In sum, this +LR/−LR effect rating approach provides a defensible means of deriving effect ratings, as can then inform potential upgrading of strength of evidence when using the GRADE method [74], [75].

For diagnostic quality and safety measures

Diagnostic error has been defined as the “failure to (a) establish an accurate and timely explanation of the patient’s health problem(s), or (b) communicate that explanation to the patient” [[76]. Identifying meaningful measures of diagnostic quality and safety, however, is a noted challenge [50], [76], [77], [78]. While “diagnostic accuracy” in this context signifies more than simply “DTA” (or test clinical validity) 4], [50], [76], +LR/−LR pairings represent an aspect of diagnostic information quality and can aid test interpretation, although (of themselves) are not necessarily a suitable direct measure of diagnostic quality and safety.

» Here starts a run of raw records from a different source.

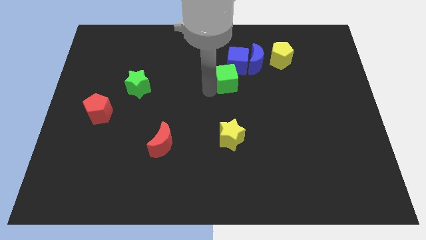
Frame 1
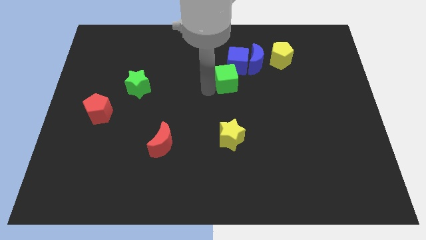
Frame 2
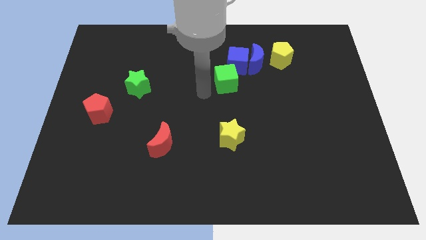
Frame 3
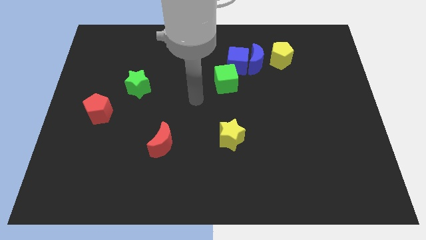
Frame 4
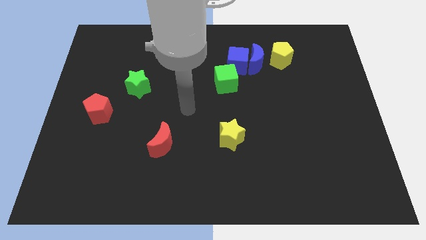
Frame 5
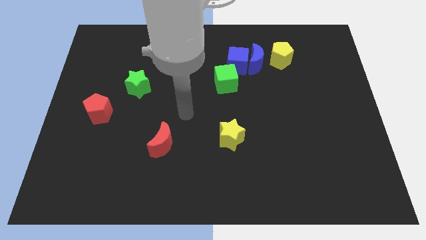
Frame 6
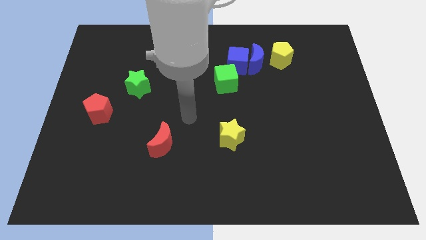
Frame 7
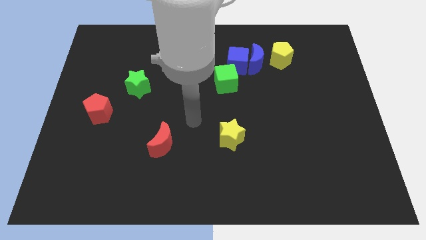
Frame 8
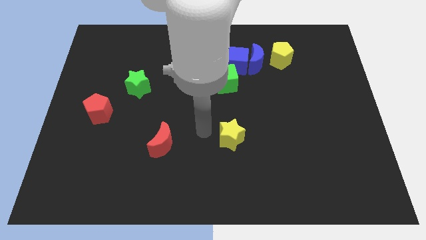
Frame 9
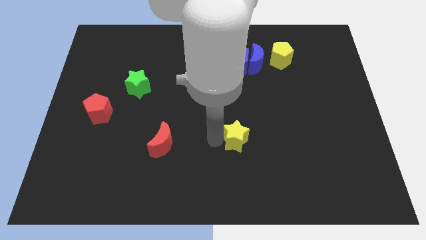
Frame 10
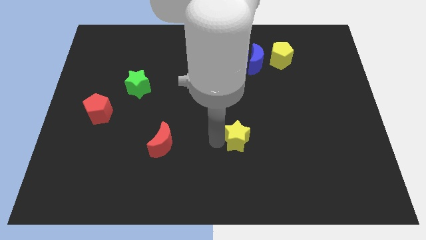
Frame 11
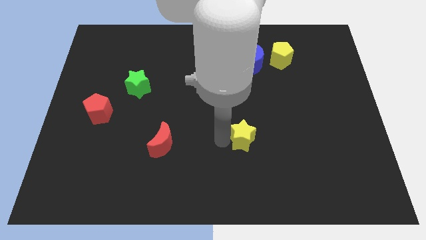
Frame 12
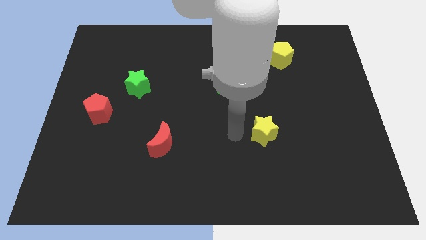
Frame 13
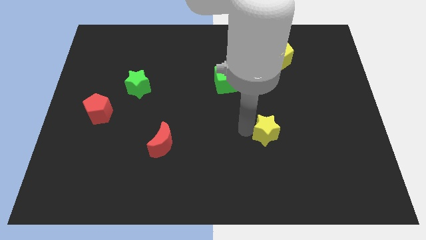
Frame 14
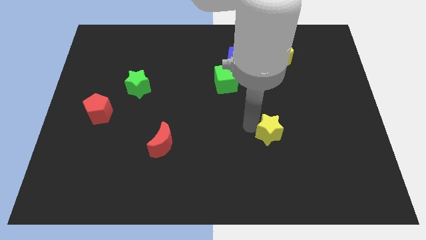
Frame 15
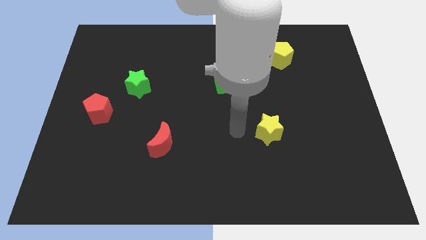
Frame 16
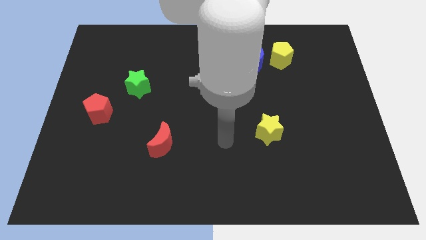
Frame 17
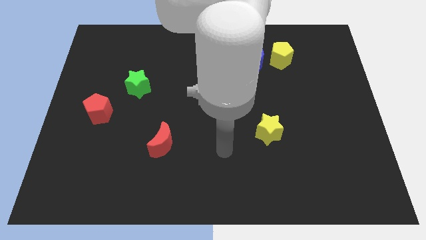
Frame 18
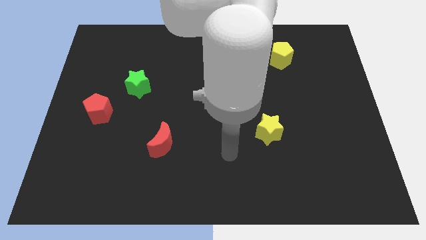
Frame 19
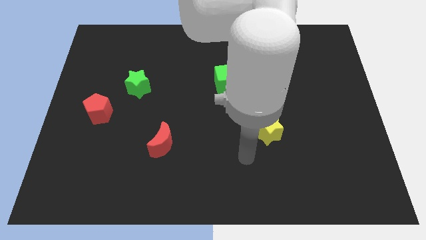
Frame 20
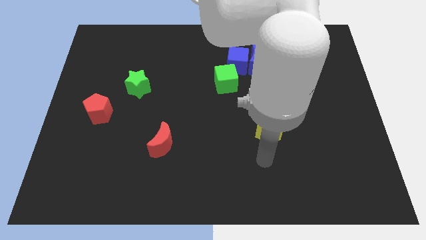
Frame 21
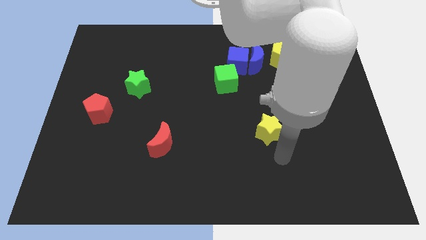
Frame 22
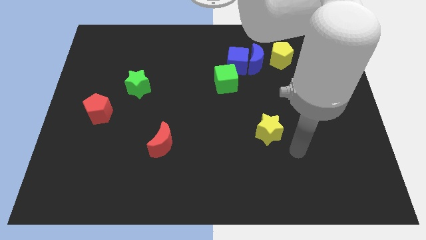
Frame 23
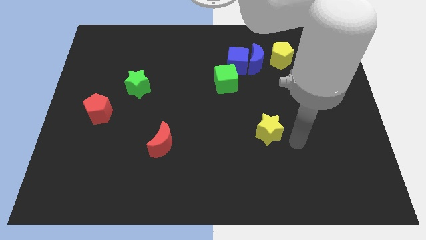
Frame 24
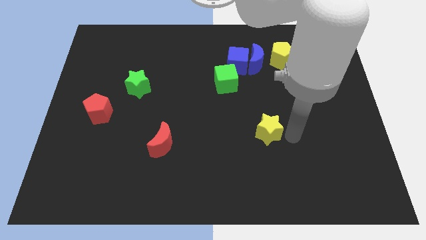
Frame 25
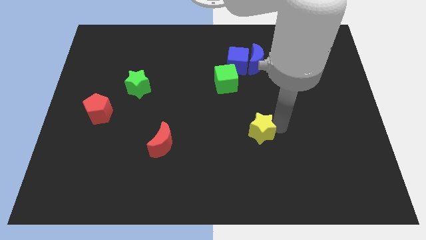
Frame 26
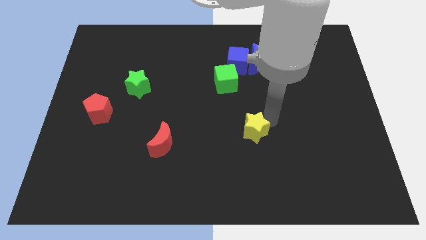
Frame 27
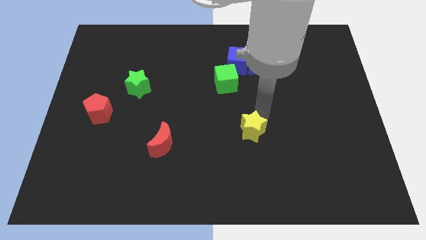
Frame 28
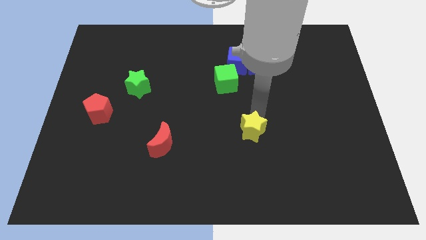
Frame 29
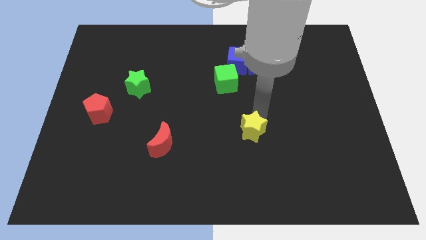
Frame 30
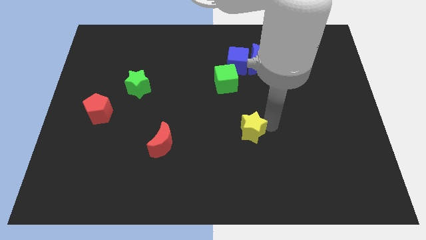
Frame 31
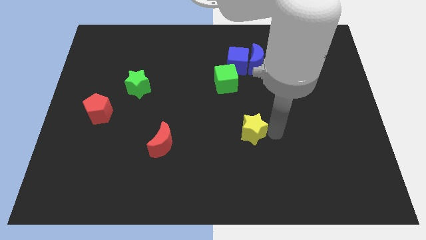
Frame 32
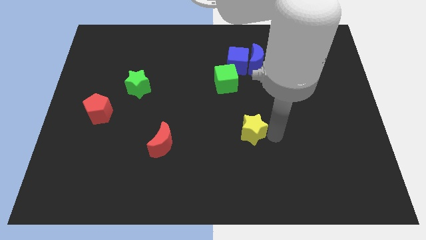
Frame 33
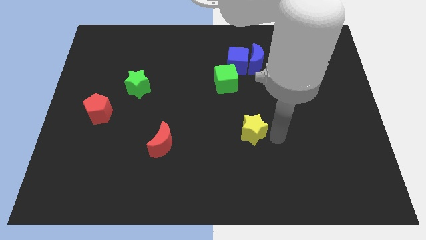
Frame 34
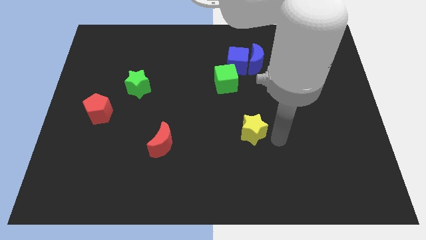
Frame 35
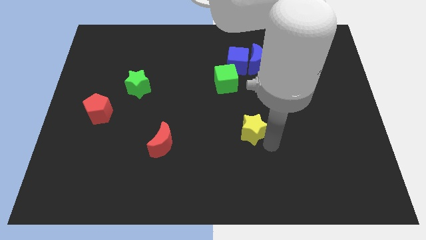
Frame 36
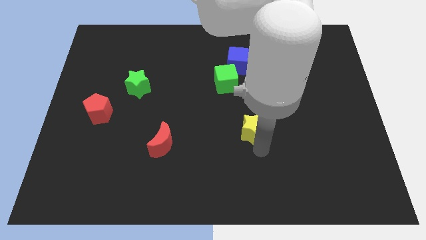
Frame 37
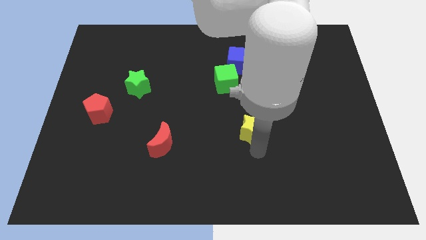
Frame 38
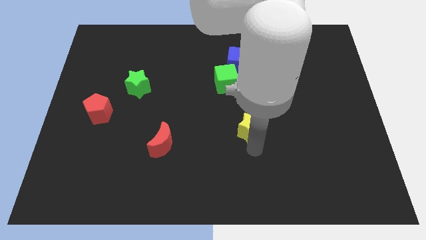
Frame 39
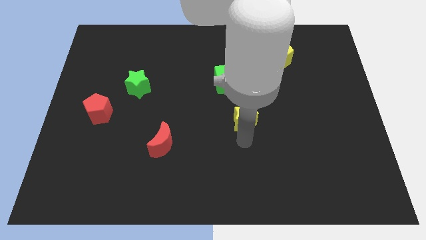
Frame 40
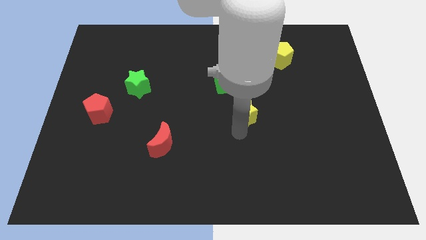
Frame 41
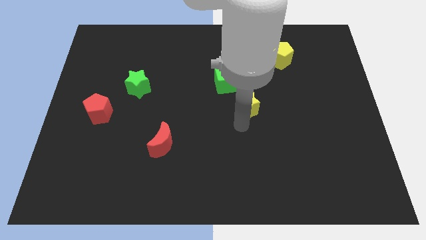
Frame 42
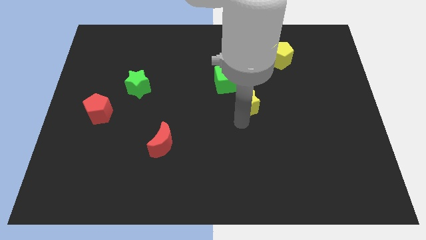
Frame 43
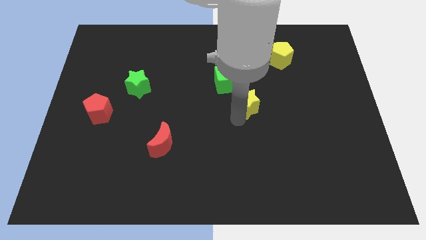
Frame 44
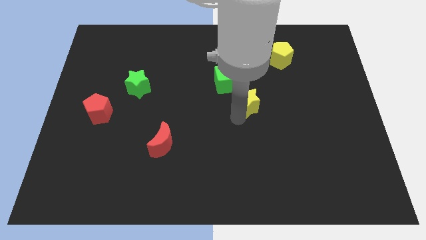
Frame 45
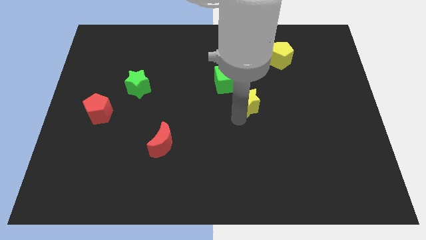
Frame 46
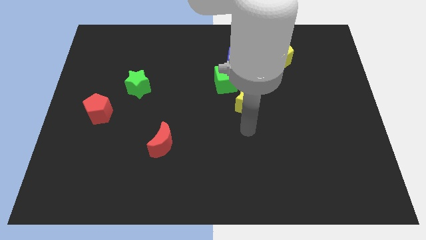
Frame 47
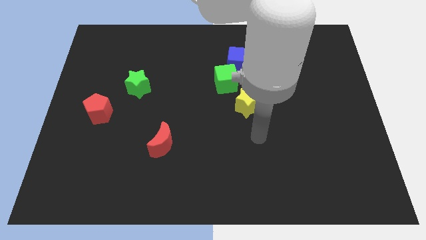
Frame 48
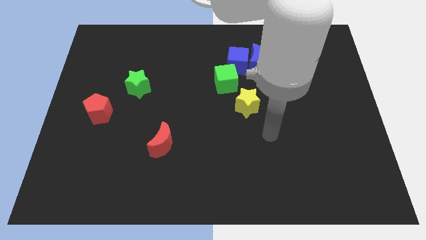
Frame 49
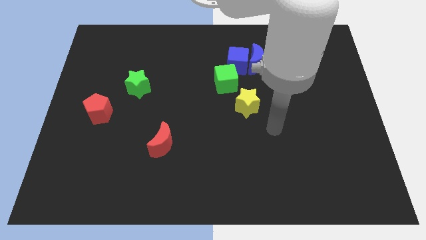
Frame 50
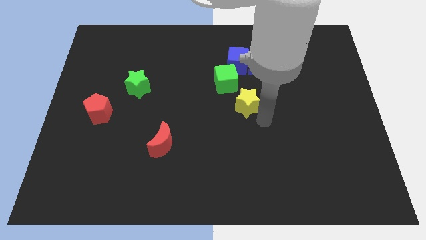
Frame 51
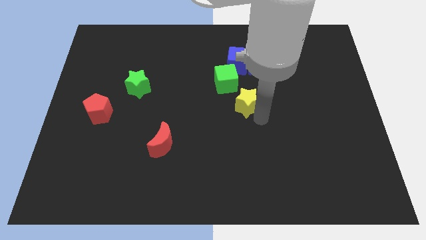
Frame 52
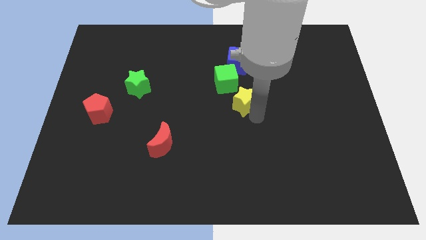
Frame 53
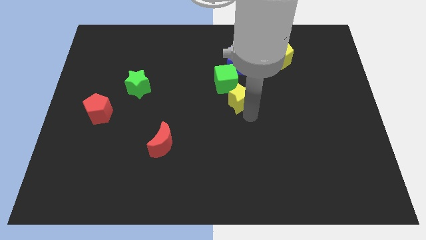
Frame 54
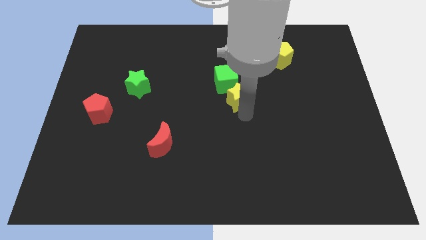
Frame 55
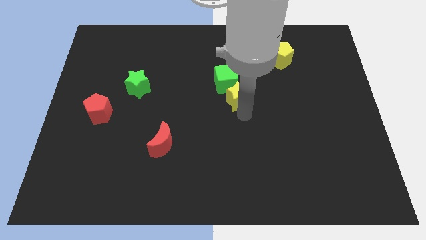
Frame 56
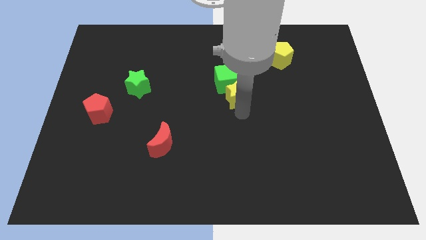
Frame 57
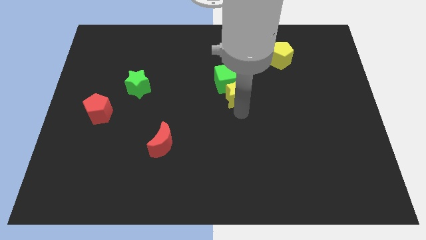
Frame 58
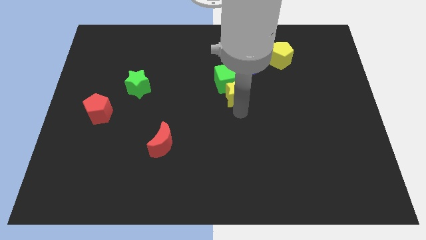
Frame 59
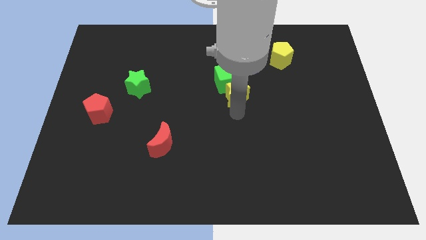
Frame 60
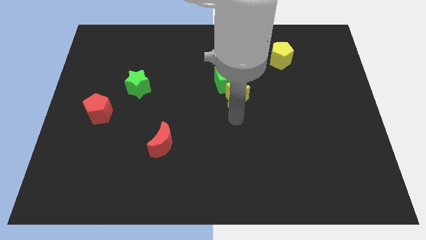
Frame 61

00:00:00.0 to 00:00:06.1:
place the yellow star at the bottom of green cube

In this way, +LR/−LR scatterplot matrix pairings may inform the “Diagnostic Process” domain of quality and safety measures described in the 2017 National Quality Forum (NQF) report Improving Diagnostic Quality and Safety. DTA can be equated with a component of diagnostic accuracy identified in the NQF report as “measurement of initial diagnostic accuracy” or “accuracy of initial diagnosis” [50]. In this context, +LR/−LR scatterplot matrix pairings signal a test’s (or a combination of tests) ability to correctly or incorrectly classify patients in relation to a diagnosis, in a way that is straightforward, visual, and clinically meaningful. Further, +LR/−LR pairings may provide an additional means to express whether “diagnostic tests have adequate analytical and clinical validity [as is] critical to preventing diagnostic errors” [76].

Limitations

While benefiting transparent effect rating judgments, any approach that simplifies findings risks information loss. For example, this approach does not contain information as to resource utilization (e.g. costs), patient preferences, or the indirectness of evidence to patient outcomes. Readers are further cautioned that a diagnostic test is not an isolated element of the patient diagnostic process; however, a test provides information, the quality of which can be assessed toward test utility and patient-related outcomes. Additionally, the strength of this approach may be diminished if DTA for an index test is established in relation to an imperfect reference standard, although this concern was not formally assessed [79], [80].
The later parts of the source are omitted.